It is just one of billions of galaxies, but the Milky Way is our galaxy, our home in the universe.
Our first observations of stars, beginning with the naked eye and then with successively more powerful telescopes, happened here, providing a baseline for all the discoveries—and new questions—to follow.
One major question astronomers investigate when studying galaxies is how stars form within them. The James Webb Space Telescope’s powerful infrared instruments will improve our understanding of all stages of the star “lifecycle”—from birth to death and back again, to the rise of the next stellar generation. Astronomers know that stars form out of collapsing clouds of gas and dust, but they don’t yet know the exact sequence of how stars are born. What triggers a gas cloud to collapse? How much of that “mother” cloud does a star use up when it forms? How and when do planets begin to form around a new star?

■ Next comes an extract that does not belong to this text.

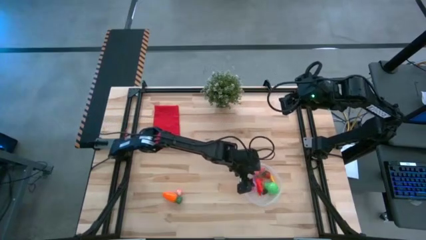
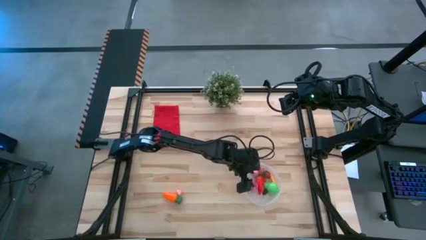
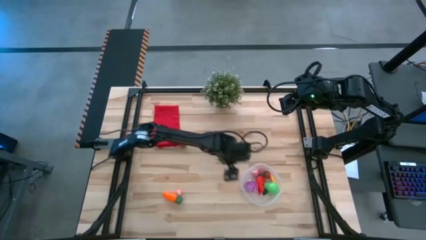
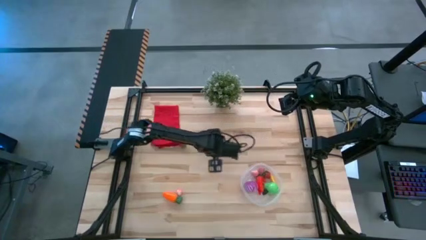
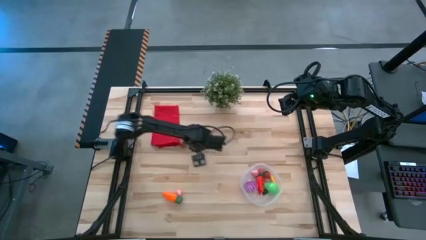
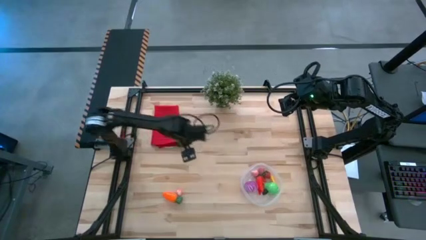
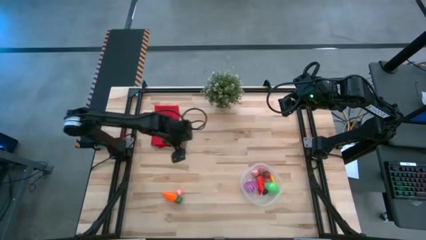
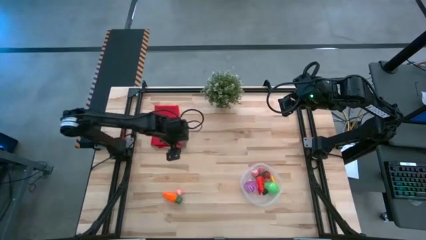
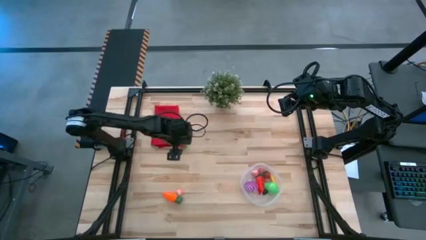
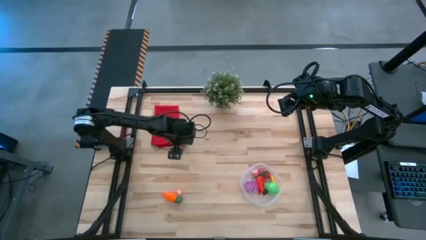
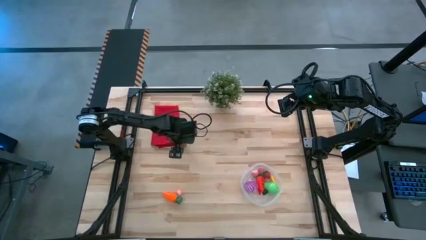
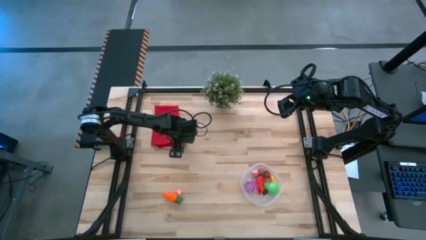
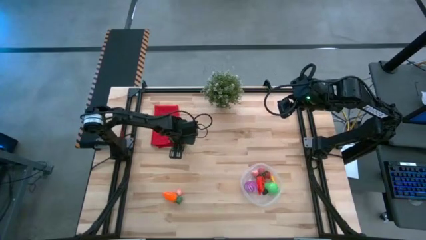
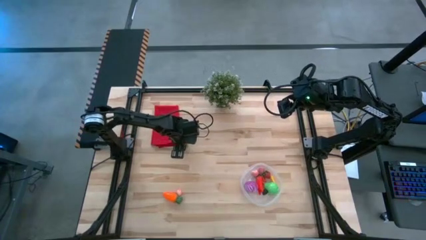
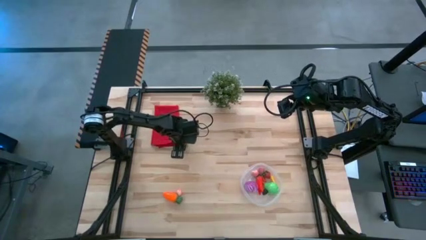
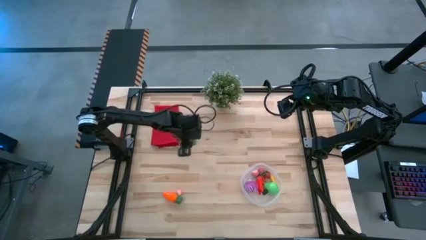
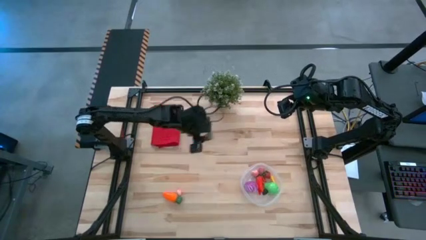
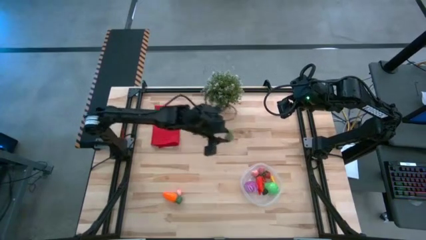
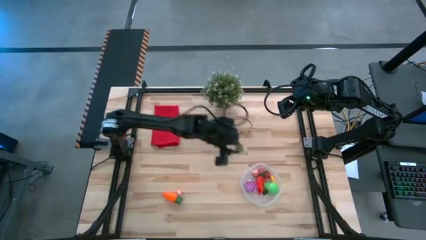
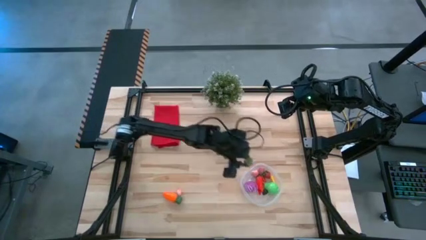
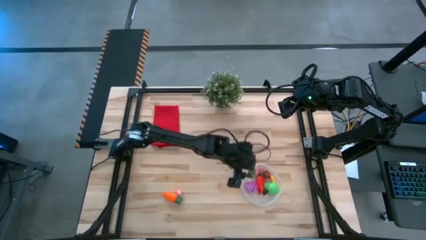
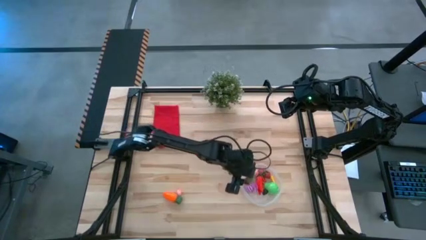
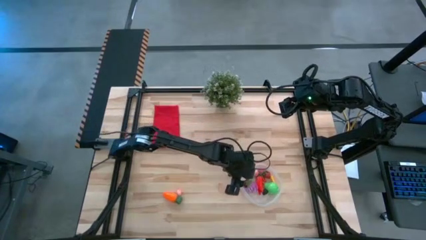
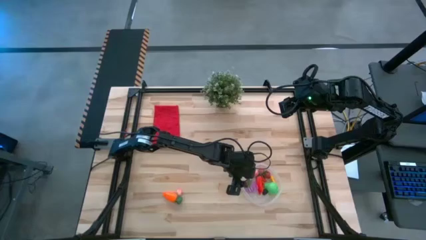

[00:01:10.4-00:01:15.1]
Task: Pick and placing Produce into tupperware
Put the red strawberry into the transparent bin

At the end of their so-called lifecycle, stars “die” in a variety of dramatic and scientifically interesting ways—from gentle exhales of material to violent supernova explosions that expel stellar shrapnel into the galaxy. Many dying stars and stellar corpses are embedded in their ejected material; this shrouds them from view in visible light, but Webb’s infrared vision penetrates the dusty haze. Webb will help us probe and understand both this residual material and the former star. It allows astronomers to test their theories for how stars burn out, and how the heavier elements forged within these stars are recycled into the galactic environment to help create the next generation of stars.
Webb will help us get a better grip on how many stars there are in the Milky Way and how those stars are distributed throughout the galaxy. The most common stars in the Milky Way are “dwarf stars” that are too dim for the Hubble Space Telescope to observe well in visible light, but that are easily visible in the infrared wavelengths that Webb can detect. Knowing how many dwarf stars there are, as well as other types of stars, also tells us how quickly or efficiently stars formed at various stages in the galaxy’s history. This will give astronomers a much more informed local baseline from which to compare and contrast other galaxies.

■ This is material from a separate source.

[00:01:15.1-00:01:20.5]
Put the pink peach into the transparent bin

Webb will also study giant stellar swarms called globular clusters, which reside at the outskirts of the Milky Way and contain the oldest stars in the galaxy. Webb can analyze the composition of these ancient stars, and perhaps reveal whether globular clusters formed along with our galaxy or originated somewhere else, and were later absorbed into the Milky Way.

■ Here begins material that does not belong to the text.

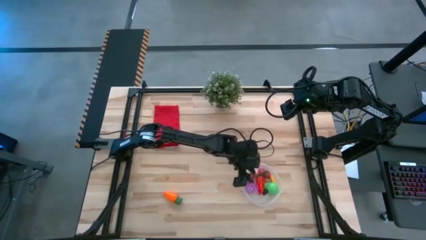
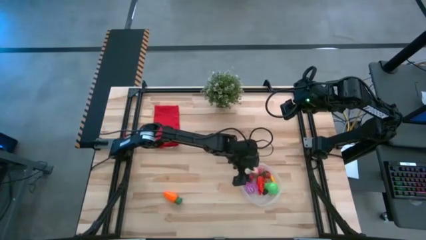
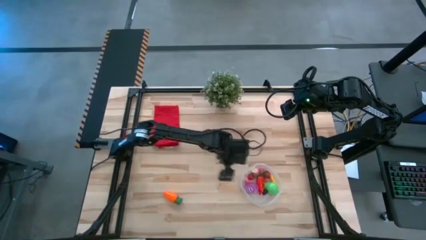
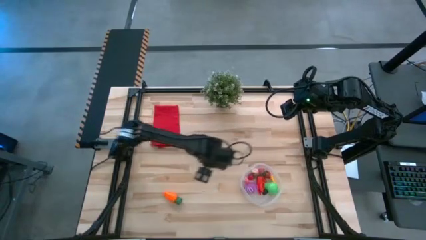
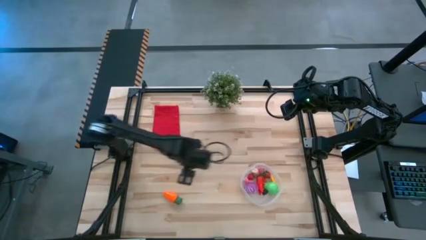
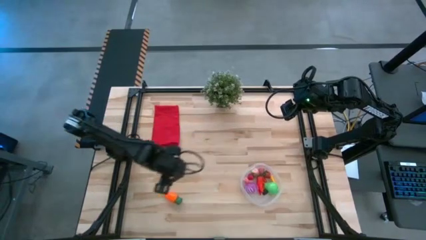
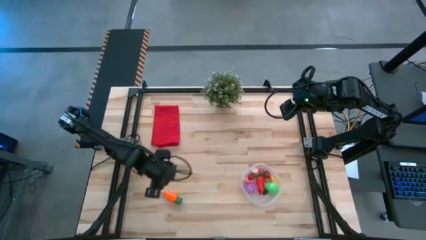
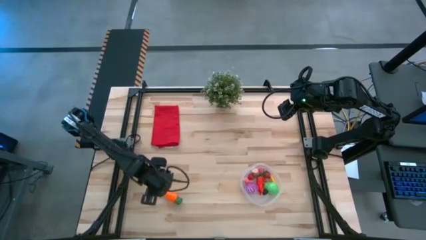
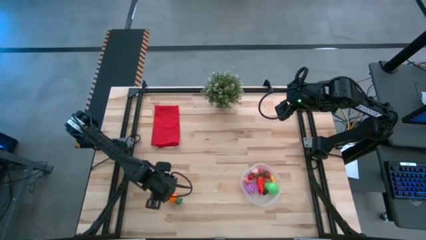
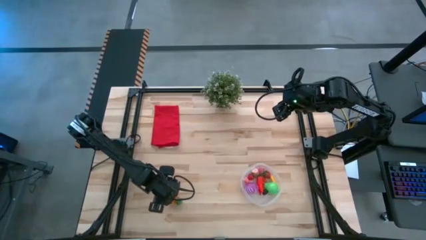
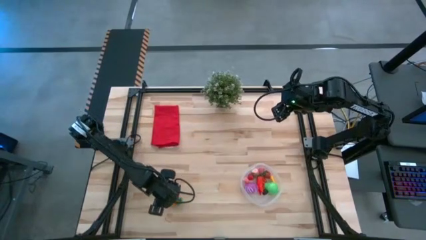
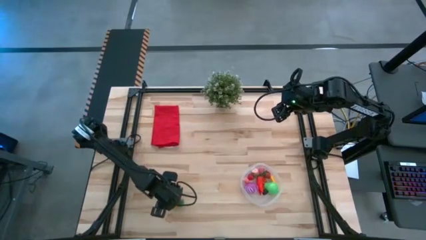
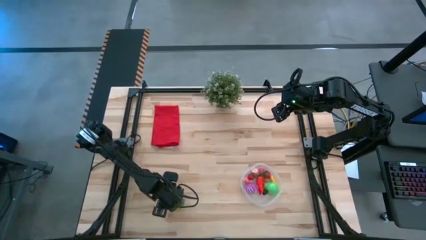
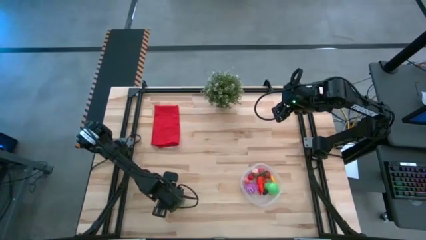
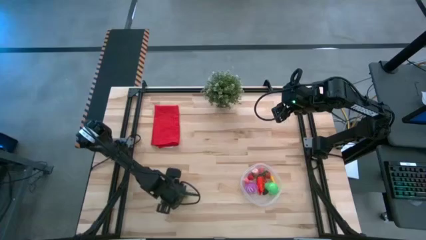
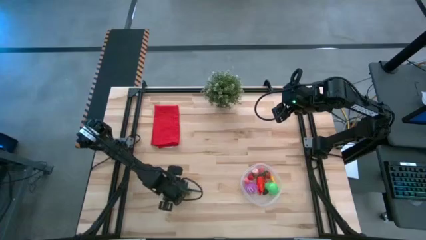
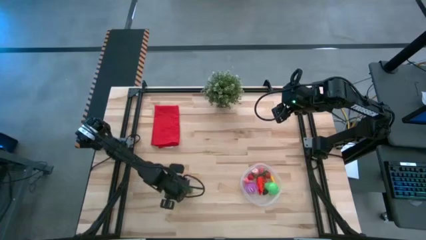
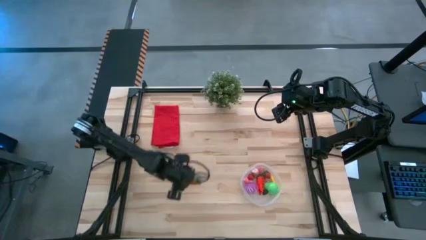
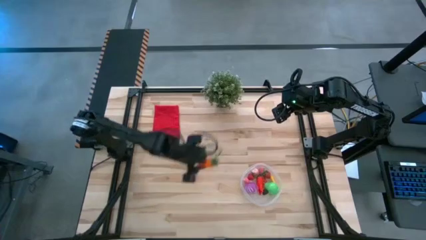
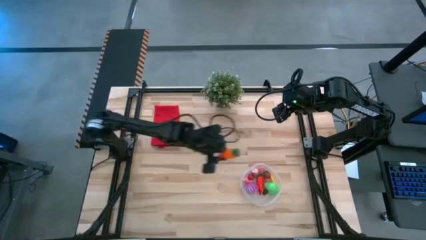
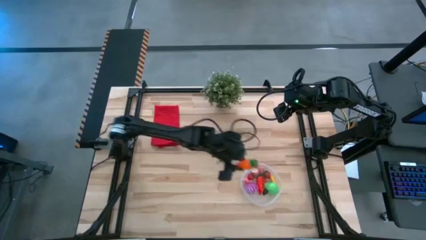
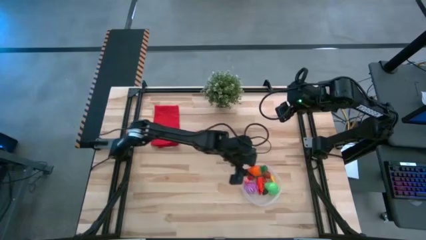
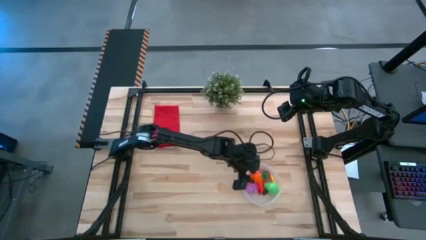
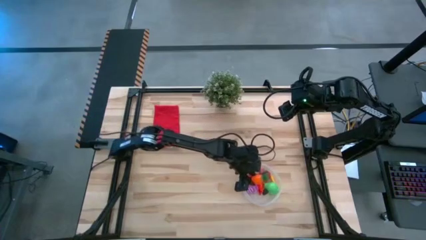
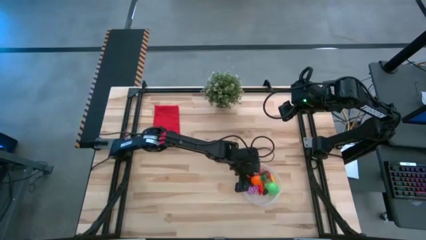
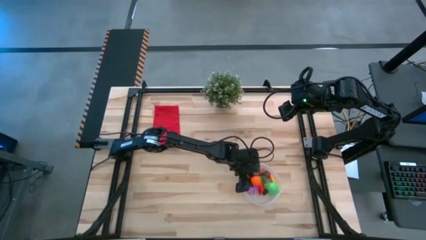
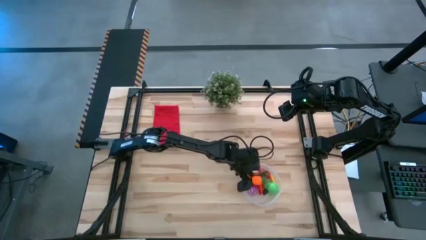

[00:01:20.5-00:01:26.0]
Put the orange carrot into the transparent bin

Looking Inward and Outward
Webb can help us understand what’s going on at the very heart of the Milky Way. In our galaxy’s core lies a supermassive black hole surrounded by gas, dust, and a densely packed swarm of stars. However, this central black hole does not seem to be consuming as much material as its peers in other galaxies. Astronomers aren’t sure why. Webb’s infrared observations could give us a clearer view of the dense region surrounding the black hole, and perhaps uncover the reason why our galaxy’s black hole is so quiet.
Webb’s high-resolution infrared vision allows it to peer farther into the Milky Way with greater clarity than infrared telescopes before it, uncovering parts of the galaxy that were once too dim, too distant, or too concealed to study. These investigations will not only help us understand our own Milky Way, but myriad galaxies throughout the universe.